**The problem:** Word for word, copy all the data and drop the pictures.

BEGIN Data

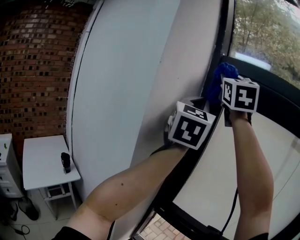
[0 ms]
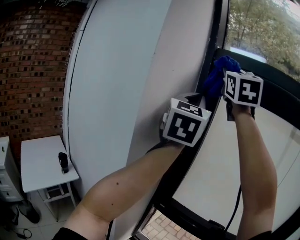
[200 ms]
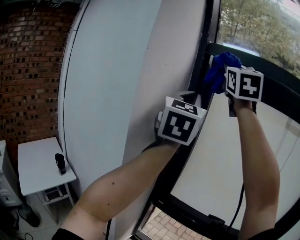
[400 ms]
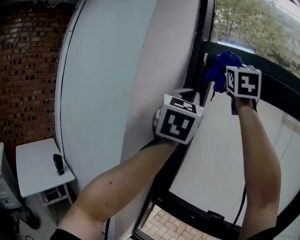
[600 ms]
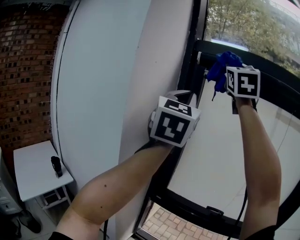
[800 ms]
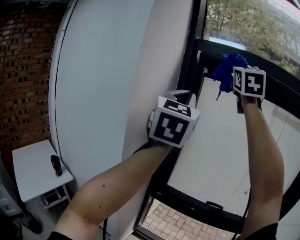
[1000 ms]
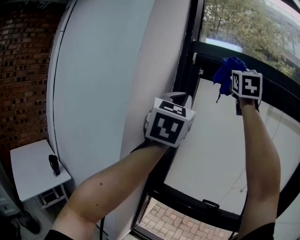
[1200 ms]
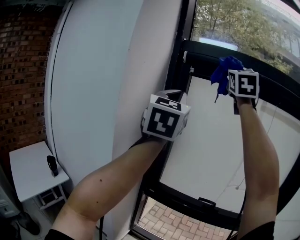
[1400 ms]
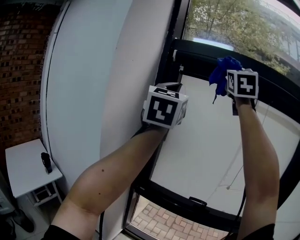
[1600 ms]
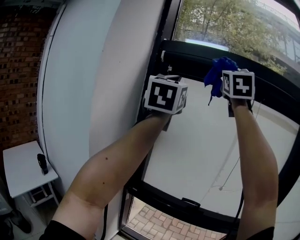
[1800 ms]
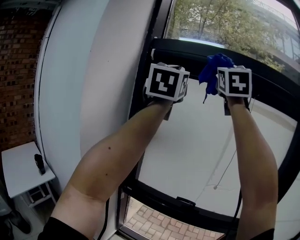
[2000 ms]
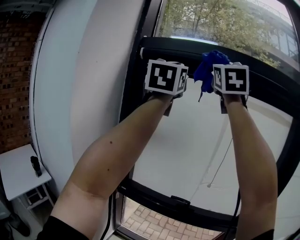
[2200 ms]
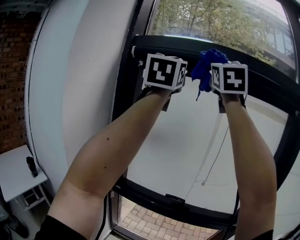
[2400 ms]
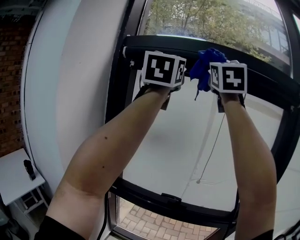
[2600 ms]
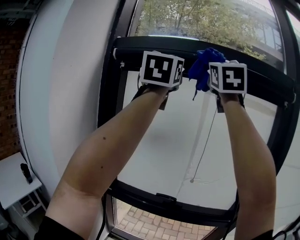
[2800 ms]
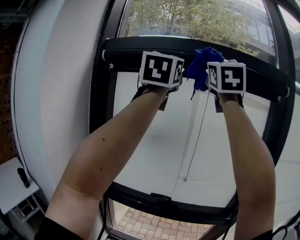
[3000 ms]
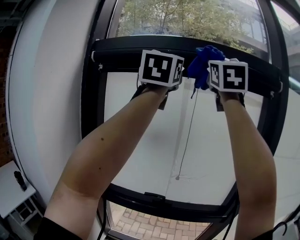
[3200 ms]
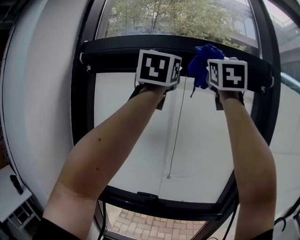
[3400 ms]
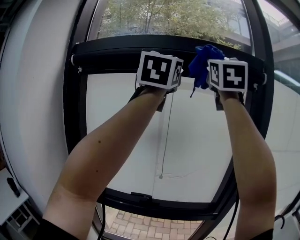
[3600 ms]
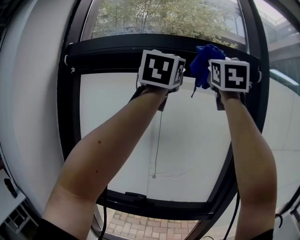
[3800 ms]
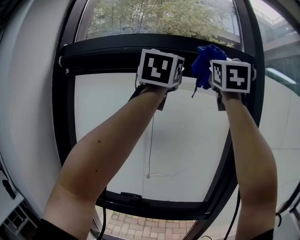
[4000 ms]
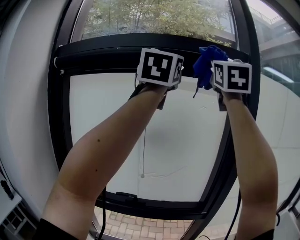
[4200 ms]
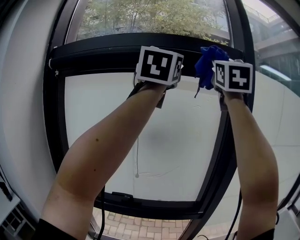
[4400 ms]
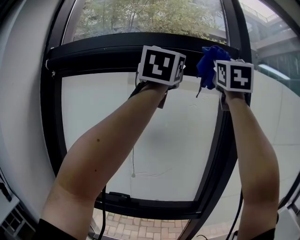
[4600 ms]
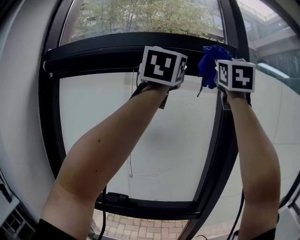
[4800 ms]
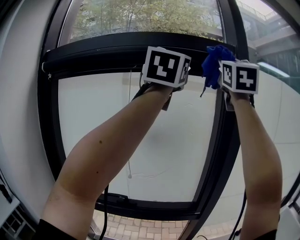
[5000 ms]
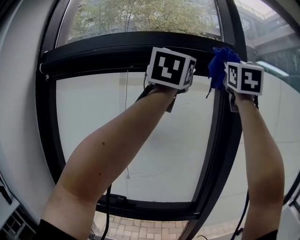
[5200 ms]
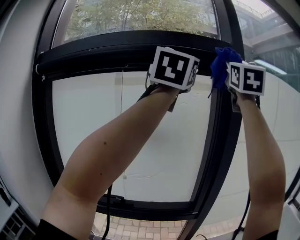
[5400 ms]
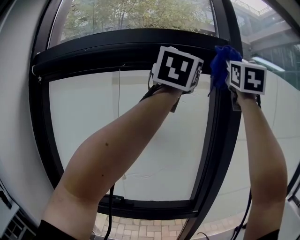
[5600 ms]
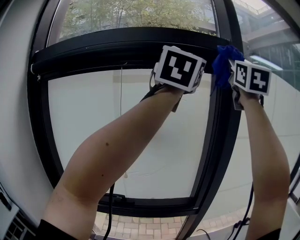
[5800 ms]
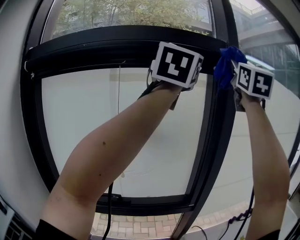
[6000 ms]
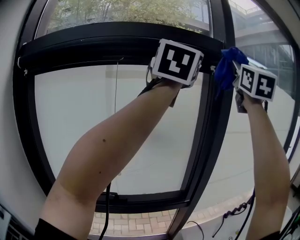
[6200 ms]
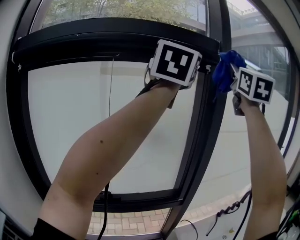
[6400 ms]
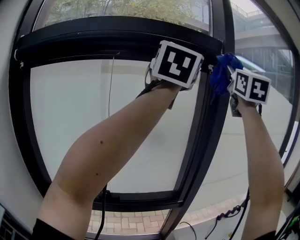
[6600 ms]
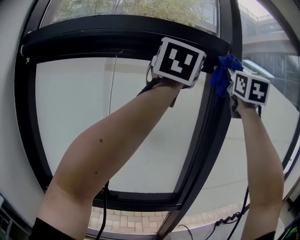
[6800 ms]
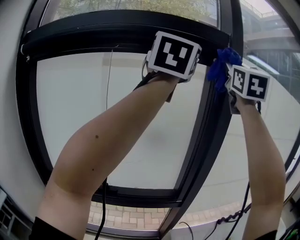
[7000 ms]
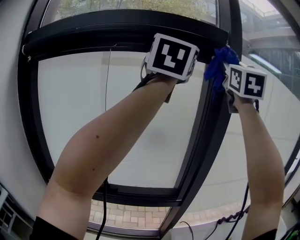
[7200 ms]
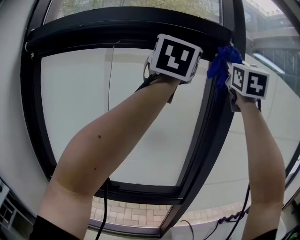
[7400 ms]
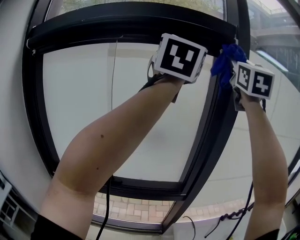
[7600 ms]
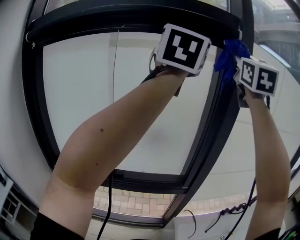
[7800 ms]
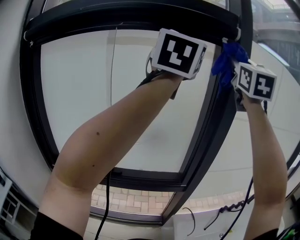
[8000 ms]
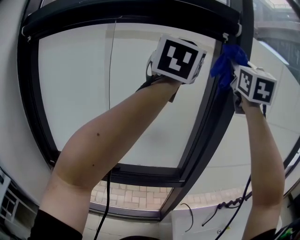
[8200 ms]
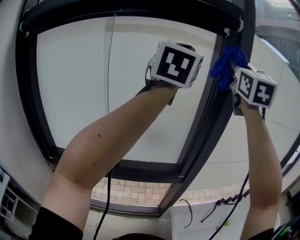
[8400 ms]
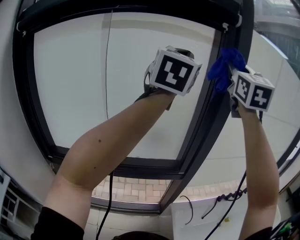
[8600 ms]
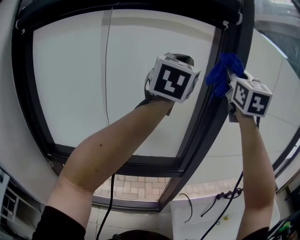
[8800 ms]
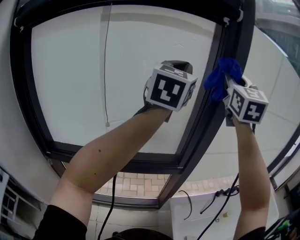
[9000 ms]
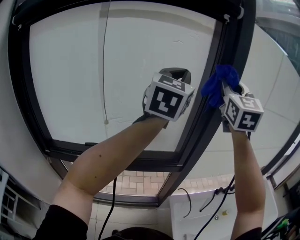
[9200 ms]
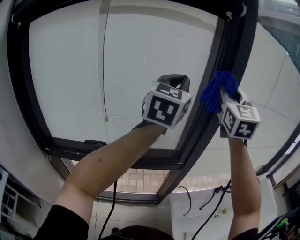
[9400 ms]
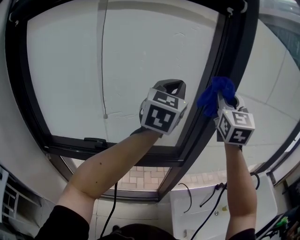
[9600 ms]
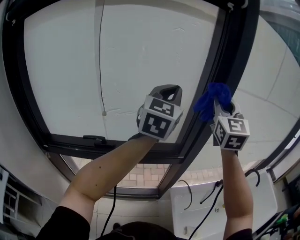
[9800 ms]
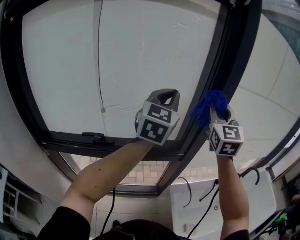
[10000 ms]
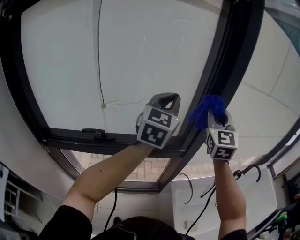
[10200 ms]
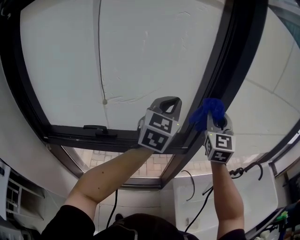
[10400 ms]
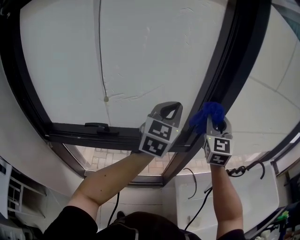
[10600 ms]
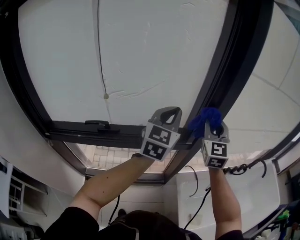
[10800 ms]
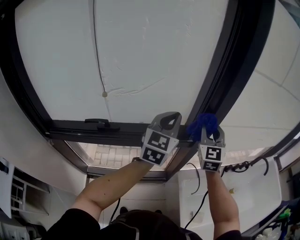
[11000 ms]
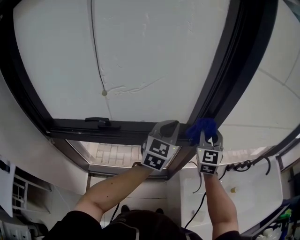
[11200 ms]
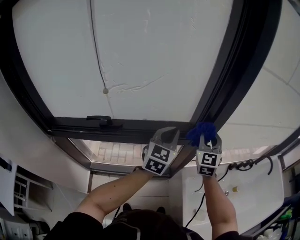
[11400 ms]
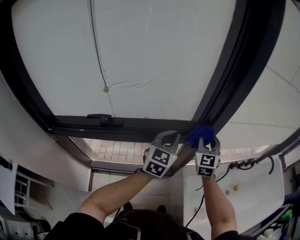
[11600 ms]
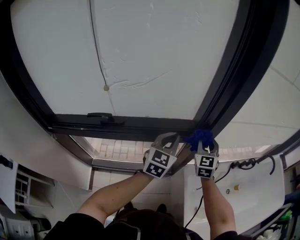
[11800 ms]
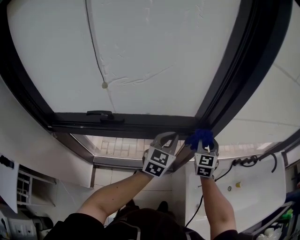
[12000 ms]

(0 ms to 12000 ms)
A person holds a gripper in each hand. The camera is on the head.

END Data

**Your response:**
[0 ms]
[200 ms]
[400 ms]
[600 ms]
[800 ms]
[1000 ms]
[1200 ms]
[1400 ms]
[1600 ms]
[1800 ms]
[2000 ms]
[2200 ms]
[2400 ms]
[2600 ms]
[2800 ms]
[3000 ms]
[3200 ms]
[3400 ms]
[3600 ms]
[3800 ms]
[4000 ms]
[4200 ms]
[4400 ms]
[4600 ms]
[4800 ms]
[5000 ms]
[5200 ms]
[5400 ms]
[5600 ms]
[5800 ms]
[6000 ms]
[6200 ms]
[6400 ms]
[6600 ms]
[6800 ms]
[7000 ms]
[7200 ms]
[7400 ms]
[7600 ms]
[7800 ms]
[8000 ms]
[8200 ms]
[8400 ms]
[8600 ms]
[8800 ms]
[9000 ms]
[9200 ms]
[9400 ms]
[9600 ms]
[9800 ms]
[10000 ms]
[10200 ms]
[10400 ms]
[10600 ms]
[10800 ms]
[11000 ms]
[11200 ms]
[11400 ms]
[11600 ms]
[11800 ms]
[12000 ms]

(0 ms to 12000 ms)
A person holds a gripper in each hand. The camera is on the head.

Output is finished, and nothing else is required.